Bombarda was a passionate anticlerical, and his murderer was a fanatical Catholic. The citizens, with whom he was very popular, jumped at the conclusion that the priests had inspired the deed. As soon as his death was announced in the transparency outside the office of _O Seculo_, there were demonstrations of anger among the crowd and some conflicts with the police.

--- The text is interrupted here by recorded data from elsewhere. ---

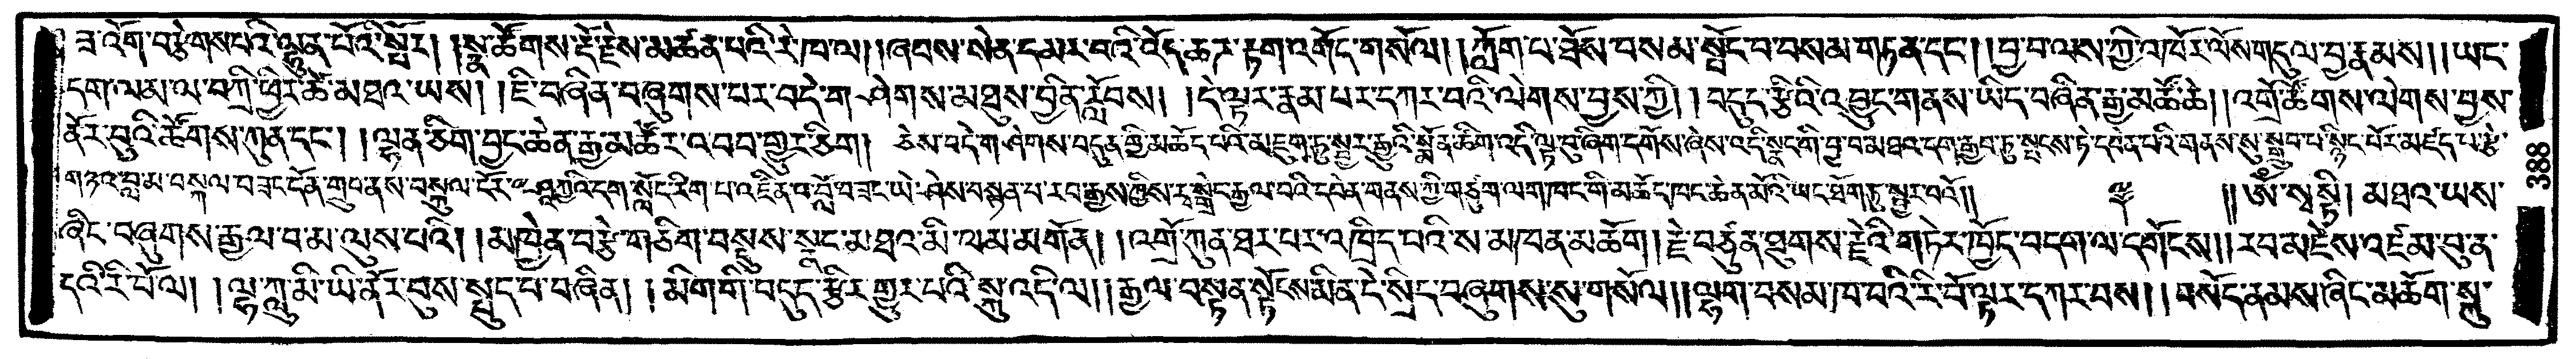ཟ་འོག་བརྩེགས་པའི་ལྷུན་པོའི་སྤོར། །སྣ་ཚོགས་རྡོ་རྗེས་མཚན་པའི་རེ་ཁ་ལ། །ཞབས་སེན་དམར་བའི་འོད་ཆགས་རྟག་འགོད་གསོལ། །ཀློག་པ་ཐོས་བསམ་སྤོང་བ་བསམ་གཏན་དང་། །བྱ་བ་ལས་ཀྱི་འཁོར་ལོས་གདུལ་བྱ་རྣམས། །ཡང་
དག་ལམ་ལ་བཀྲི་ཕྱིར་ཚེ་མཐའ་ཡས། །ཇི་བཞིན་བཞུགས་པར་བདེ་གཤེགས་མཐུས་བྱིན་རློབས། །དེ་ལྟར་རྣམ་པར་དཀར་བའི་ལེགས་བྱས་ཀྱི། །བདུད་རྩིའི་འབྱུང་གནས་ཡིད་བཞིན་རྒྱ་མཚོ་ཆེ། །འགྲོ་ཚོགས་ལེགས་བྱས་
ནོར་བུའི་ཚོགས་ཀུན་དང་། །ལྷན་ཅིག་བྱང་ཆེན་རྒྱ་མཚོར་འབབ་གྱུར་ཅིག །ཅེས་བདེ་གཤེགས་བདུན་གྱི་མཆོད་པའི་མཇུག་ཏུ་སྦྱར་རྒྱུའི་སྨོན་ཚིག་འདི་ལྟ་བུ་ཞིག་དགོས་ཞེས་འདི་སྣང་གི་བྱ་བ་མཐའ་དག་རྒྱབ་ཏུ་སྤངས་ཏེ་དབེན་པའི་གནས་སུ་སྒྲུབ་པ་སྙིང་པོར་མཛད་པ་རྩེ་
གཉའ་བླ་མ་བསྐལ་བཟང་དོན་གྲུབ་ནས་བསྐུལ་ངོར ༧ཤཱཀྱའི་དགེ་སློང་རིག་པ་འཛིན་པ་བློ་བཟང་ཡེ་ཤེས་བསྟན་པ་རབ་རྒྱས་ཀྱིས་རྭ་སྒྲེང་རྒྱལ་བའི་དབེན་གནས་ཀྱི་གཙུག་ལག་ཁང་གི་མཆོད་ཁང་ཆེན་མོའི་ཡང་ཐོག་ཏུ་སྦྱར་བའོ།། ༈ །།ཨོཾ་སྭ་སྟི། མཐའ་ཡས་
ཞིང་བཞུགས་རྒྱལ་བ་མ་ལུས་པའི། །མཁྱེན་བརྩེ་གཅིག་བསྡུས་སྣང་མཐའ་མི་ལམ་མགོན། །འགྲོ་ཀུན་ཐར་པར་འཁྲིད་པའི་ས་མཁན་མཆོག །རྗེ་བཙུན་ཐུགས་རྗེའི་གཏེར་ཁྱོད་བདག་ལ་དགོངས། །རབ་མཛེས་འཛམ་བུ་ན་
དའི་རི་བོ་ལ། །ལྷ་ཀླུ་མི་ཡི་ནོར་བུས་སྤུད་པ་བཞིན། །མིག་གི་བདུད་རྩིར་གྱུར་པའི་སྐུ་འདི་ལ། །རྒྱལ་བསྟན་སྟོངས་མིན་དེ་སྲིད་བཞུགས་སུ་གསོལ། །ལྷག་བསམ་ཁ་བའི་རི་བོ་ལྟར་དཀར་བས། །བསོད་ནམས་ཞིང་མཆོག་སྐུ་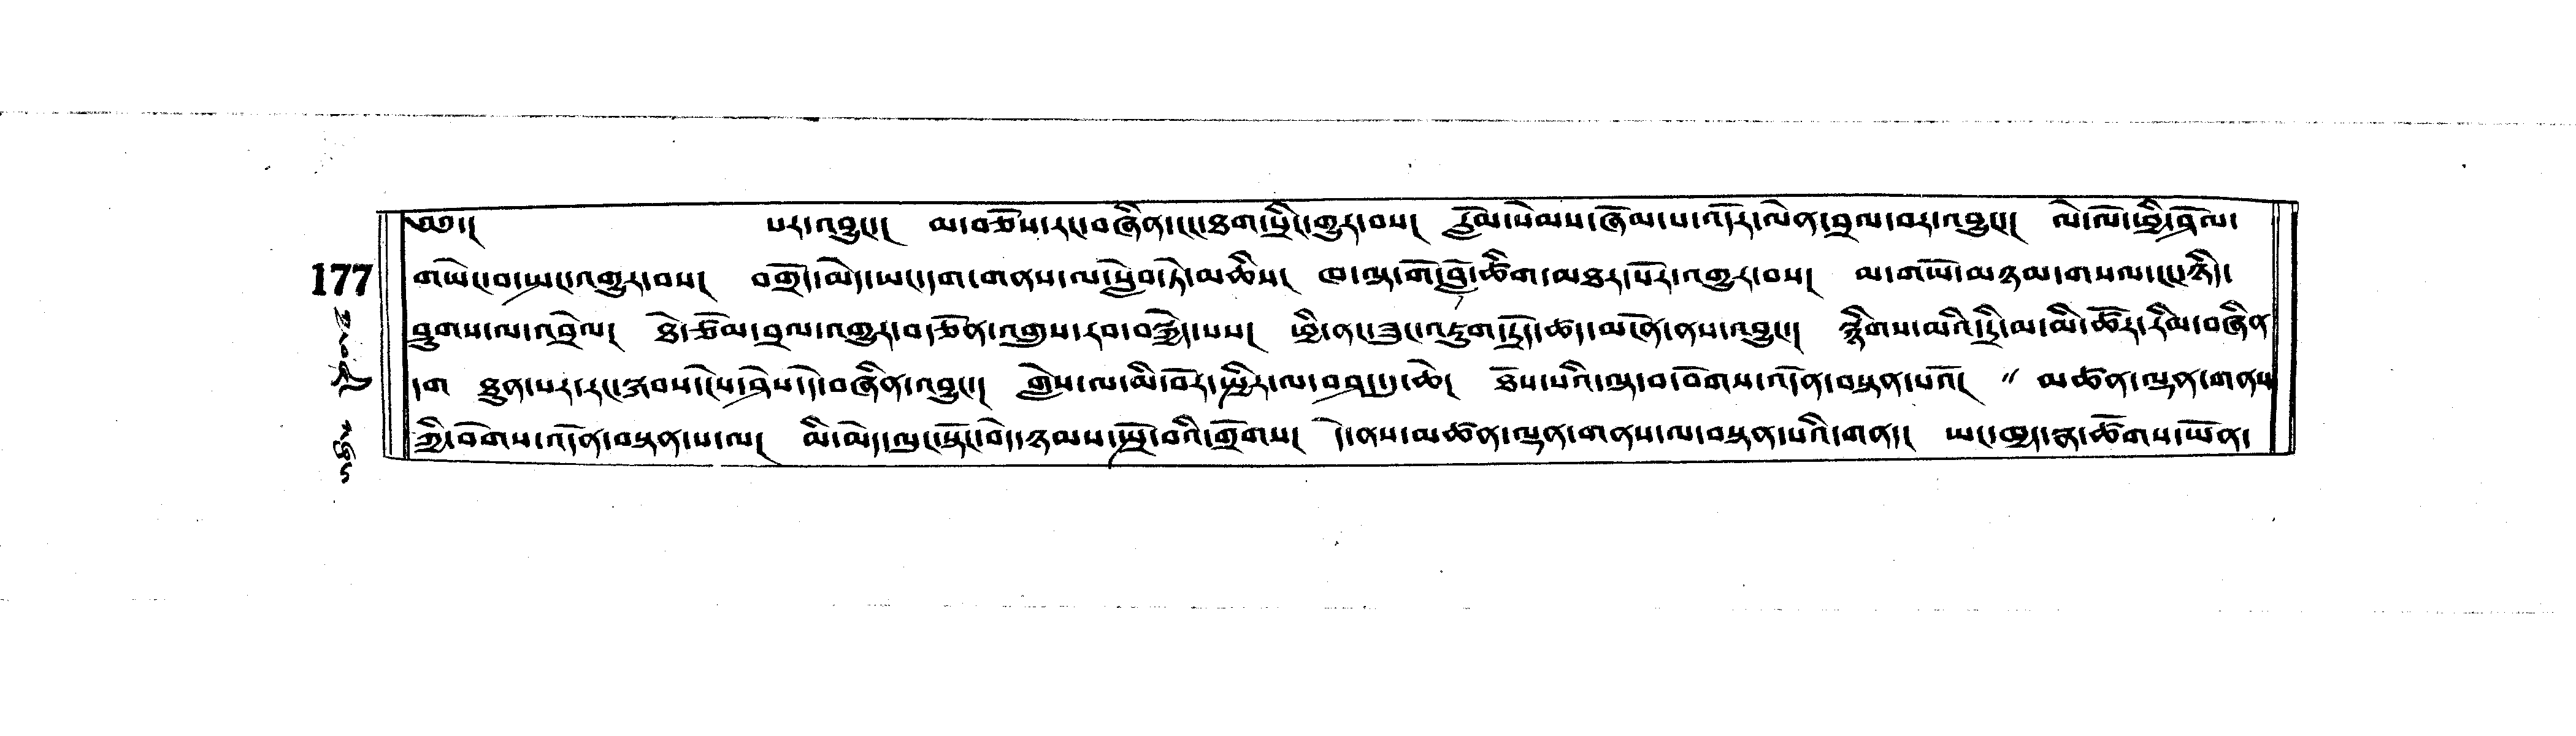པར་འབྱུང་། མ་བཅོས་རང་བཞིན་ངང་ཐག་བསྲིང་གྱུར་པས། རློམ་སེམས་ཞུམས་པ་འདོར་ལེན་བྲལ་བར་འབྱུང་། ལེ་ལོ་ཕྱི་བཤོལ་
གཡེང་བ་སྤང་གྱུར་པས། བགྲོད་མེད་ཡང་དག་གནས་ལ་སླེབས་ཏེ་མཆིས། ཁ་ལྟ་གོ་བློ་ཚིག་མཐར་བོར་གྱུར་པས། མ་གཡོ་མཉམ་གསལ་ངང་ཉིད་
ཤུགས་ལ་འབྲེལ། ཐེ་ཚོམ་བྲལ་འགྱུར་བརྩོན་འགྲུས་རབ་བསྐྱེད་པས། ཕྱི་ནང་ཟུང་འཇུག་དྲོད་ཚད་མངོན་ནས་འབྱུང་། སྙིགས་མའི་དྲི་མ་མི་ཚོར་རིམ་བཞིན་
དག ཐུན་པར་རང་སྐབས་ངེས་ཤེས་དེ་བཞིན་འབྱུང་། གླེས་ལ་མི་བོར་སྤྱིར་ལ་བཤད་དུ་ཆེ། ཐོས་པའི་ལྟ་བ་བོགས་འདོན་བསྟན་པའོ། ༧ མཚན་ལྡན་གནས་
ཀྱི་བོགས་འདོན་བསྟན་པ་ལ། མི་མེད་ལུང་སྟོང་བདེ་ཉམས་སྤྲོ་བའི་གྲོགས། དེ་ནས་མཚན་ལྡན་གནས་ལ་བསྟན་པའི་གནད། ཡོན་ཁྱད་སྣ་ཚོགས་ཡོན་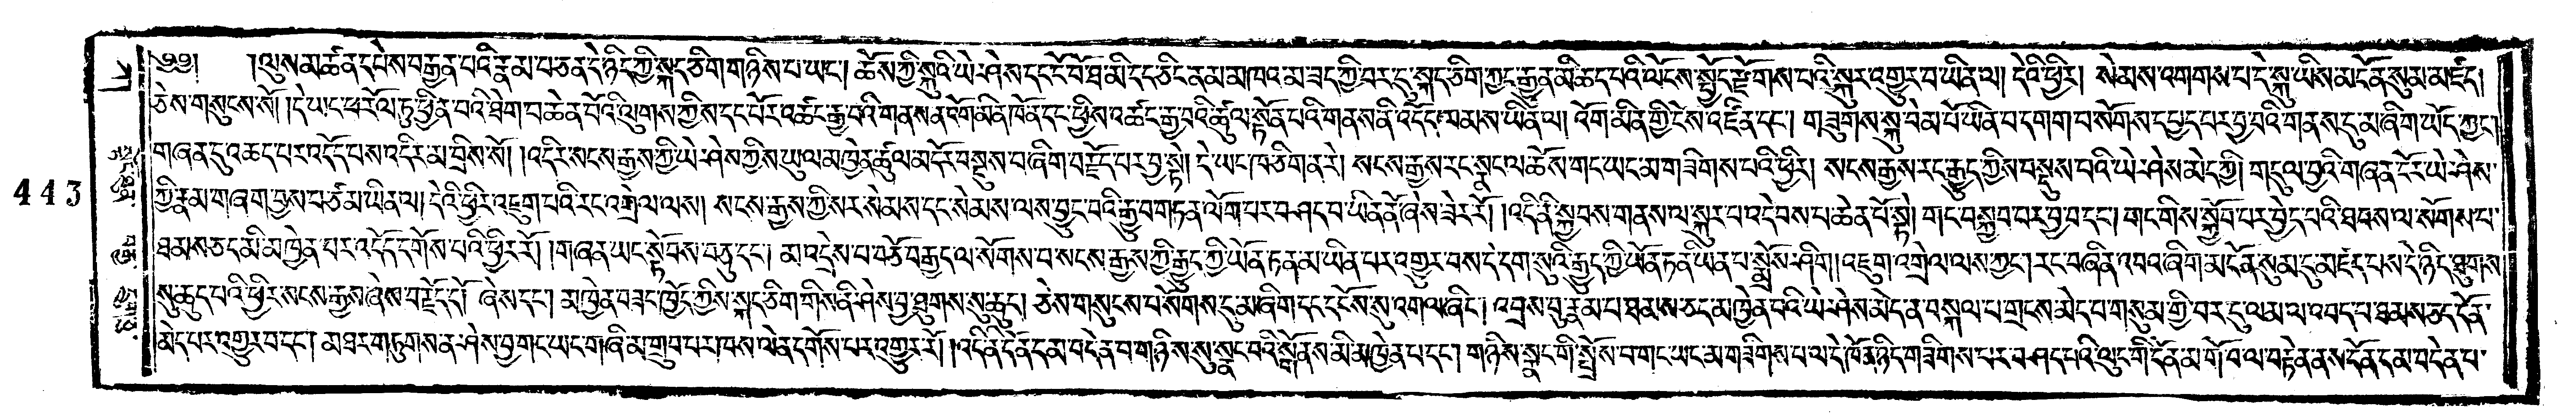༄༅། །ལུས་མཚན་དཔེས་བརྒྱན་པའི་རྣམ་བ་ཅན་དེ་ཉིད་ཀྱི་སྐད་ཅིག་གཉིས་པ་ཡང་། ཆོས་ཀྱི་སྐུའི་ཡེ་ཤེས་དང་ངོ་བོ་ཐ་མི་དང་ཅིང་ནམ་མཁའ་མ་ཟད་ཀྱི་བར་དུ་སྐད་ཅིག་ཀྱང་རྒྱུན་མི་ཆད་པའི་ལོངས་སྤྱོད་རྫོགས་པའི་སྐུར་འགྱུར་བ་ཡིན་ལ། དེའི་ཕྱིར། སེམས་འགགས་པ་དེ་སྐུ་ཡིས་མངོན་སུམ་མཛད།
ཅེས་གསུངས་སོ། །དེ་ཡང་ཕ་རོལ་ཏུ་ཕྱིན་བའི་ཐེག་པ་ཆེན་པོའི་ལུགས་ཀྱིས་དང་པོར་འཚང་རྒྱ་བའི་གནས་ན་འོག་མིན་ཁོ་ན་དང་ཕྱིས་འཚང་རྒྱ་བའི་ཚུལ་སྟོན་པའི་གནས་ནི་འདོད་ཁམས་ཡིན་ལ། འོག་མིན་གྱི་ངོས་འཛིན་དང་། གཟུགས་སྐུ་བེམ་པོ་ཡིན་པ་དགག་པ་སོགས་དཔྱད་པར་བྱ་བའི་གནས་དུ་མ་ཞིག་ཡོད་ཀྱང་
གཞན་དུ་འཆད་པར་འདོད་བས་འདིར་མ་བྲིས་སོ། །འདིར་སངས་རྒྱས་ཀྱི་ཡེ་ཤེས་ཀྱིས་ཡུལ་མཁྱེན་ཚུལ་མདོར་བསྡུས་བ་ཞིག་བརྗོད་པར་བྱ་སྟེ། དེ་ཡང་ཁ་ཅིག་ན་རེ། སངས་རྒྱས་རང་སྣང་ལ་ཆོས་གང་ཡང་མ་གཟིགས་པའི་ཕྱིར། སངས་རྒྱས་རང་རྒྱུད་ཀྱིས་བསྡུས་པའི་ཡེ་ཤེས་མེད་ཀྱི། གདུལ་བྱའི་གཞན་ངོར་ཡེ་ཤེས་
ཀྱི་རྣམ་གཞག་བྱས་བ་ཙམ་ཡིན་ལ། དེའི་ཕྱིར་འཇུག་པའི་རང་འགྲེལ་ལས། སངས་རྒྱས་ཀྱི་སར་སེམས་དང་སེམས་ལས་བྱུང་བའི་རྒྱུ་བ་གཏན་ལོག་པར་བཤད་བ་ཡིན་ནོ་ཞེས་ཟེར་རོ། །འདི་ནི་སྐྱབས་གནས་ལ་སྐུར་པ་འདེབས་པ་ཆེན་པོ་སྟེ། གང་བསྐྱབ་པར་བྱ་བ་དང་། གང་གིས་སྐྱོབ་པར་བྱེད་པའི་ཐབས་ལ་སོགས་པ་
ཐམས་ཅད་མི་མཁྱེན་པར་འདོད་དགོས་པའི་ཕྱིར་རོ། །གཞན་ཡང་སྟོབས་བཅུ་དང་། མ་འདྲེས་བ་བཅོ་བརྒྱད་ལ་སོགས་པ་སངས་རྒྱས་ཀྱི་རྒྱུད་ཀྱི་ཡོན་ཏན་མ་ཡིན་པར་འགྱུར་བས་དེ་དག་སུའི་རྒྱུད་ཀྱི་ཡོན་ཏན་ཡིན་པ་སྨྲོས་ཤིག། འཇུག་འགྲེལ་ལས་ཀྱང་། རང་བཞིན་འབའ་ཞིག་མངོན་སུམ་དུ་མཛད་བས་དེ་ཉིད་ཐུགས་
སུ་ཆུད་པའི་ཕྱིར་སངས་རྒྱས་ཞེས་བརྗོད་དོ། ཞེས་དང་། མཁྱེན་བཟང་ཁྱོད་ཀྱིས་སྐད་ཅིག་གིས་ནི་ཤེས་བྱ་ཐུགས་སུ་ཆུད། ཅེས་གསུངས་པ་སོགས་དུ་མ་ཞིག་དང་དངོས་སུ་འགལ་ཞིང་། འབྲས་བུ་རྣམ་པ་ཐམས་ཅད་མཁྱེན་བའི་ཡེ་ཤེས་མེད་ན་བསྐལ་པ་གྲངས་མེད་བ་གསུམ་གྱི་བར་དུ་ལམ་ལ་འབད་པ་ཐམས་ཅད་དོན་
མེད་པར་འགྱུར་བ་དང་། མཐར་གཏུགས་ན་ཤེས་བྱ་གང་ཡང་གཞི་མ་གྲུབ་པར་ཁས་ལེན་དགོས་པར་འགྱུར་རོ། །འདི་ནི་དོན་དམ་བདེན་བ་གཉིས་སུ་སྣང་བའི་སྒོ་ནས་མི་མཁྱེན་པ་དང་། གཉིས་སྣང་གི་སྤྲོས་བ་གང་ཡང་མ་གཟིགས་པ་ལ་དེ་ཁོ་ན་ཉིད་གཟིགས་པར་བཤད་པའི་ལུང་གི་དོན་མ་གོ་བ་ལ་བརྟེན་ནས་དོན་དམ་བདེན་པ་

Meanwhile the Revolutionary Committee, to the number of fifty or thereabouts, were sitting in the Rua da Esperança, discussing the question, "To be or not to be." The military members counseled delay, for the Government had ordered all officers to be at their quarters in the various barracks which are scattered over the city. The intention had been to choose a time when most of the officers were off duty and the men could mutiny at their ease; but this plan had for the moment been frustrated. The military view might have carried the day, but for the determination shown by Candido dos Reis, who pointed out that it would be madness to give the Government time to order the ships out of the Tagus. Finally, he turned to the military group, saying, "If you will not go out, I will go out alone with the sailors. I shall have the honor of getting myself shot by my comrades of the army." His insistence carried all before it, and it was decided that the signal should be given, as previously arranged, at one o'clock in the morning.

That evening, at the Palace of Belem, some two miles down the Tagus from the Necessidades Palace, Marshal Hermes da Fonseca, President-elect of Brazil, was entertaining King Manuel at a State dinner. There was an electrical sense of disquiet in the air. Several official guests were absent, and every few minutes there came telephone-calls for this or that minister or general, some of whom reappeared, while some did not. At last the tension got so much on the nerves of the young King that he scribbled on his menu-card a request that the banquet might be shortened; and, in fact, one or two courses were omitted. Then followed the dreary ritual of toasts; and at last, at half-past eleven, Dom Manuel parted from his host and set off in his automobile, escorted by a troop of cavalry. Two bands played the royal anthem. Had he known, poor youth, that he was never to hear it again, there might have been a crumb of consolation in the thought.

It would be impossible without a map to make clear the various phases of the Battle of Lisbon. Nor would there be any great interest in so doing. There was no particular strategy in the revolutionary plans, and what strategy there was fell to pieces at an early point. It is not clear that the signal was ever formally given, but about the appointed hour mutinies broke out in several barracks. In some cases the Royalist officers were put under arrest, in one case a colonel and two other officers were shot. A mixed company of soldiers and civilians, with ten or twelve guns, marched, as had been arranged, upon the Necessidades Palace, to demand the abdication of the King; but they were met on the heights behind the palace by a body of the "guardia municipal," and, after a sharp skirmish, were forced to retire, leaving three of their guns disabled behind them. They retreated to the general rallying-point of the Republican forces, the Rotunda, at the upper end of the mile-long Avenida da Liberdade. This avenue stands to the Rocio very much in the relation of Charing Cross Road to Trafalgar Square: there is a curve at their junction which prevents you from seeing--or shooting--from the one into the other. On reaching the Rotunda, the insurgents learned that the Rocio had been occupied by Royalist troops, from the Citadel of St. George and another barrack, with one or two machine guns, but no cannon.

There, then, the two forces lay, with a short mile of sloping ground between them, awaiting the dawn. Under cover of darkness, a body of mounted gendarmes attempted to charge the insurgent position, but they were repulsed by bombs.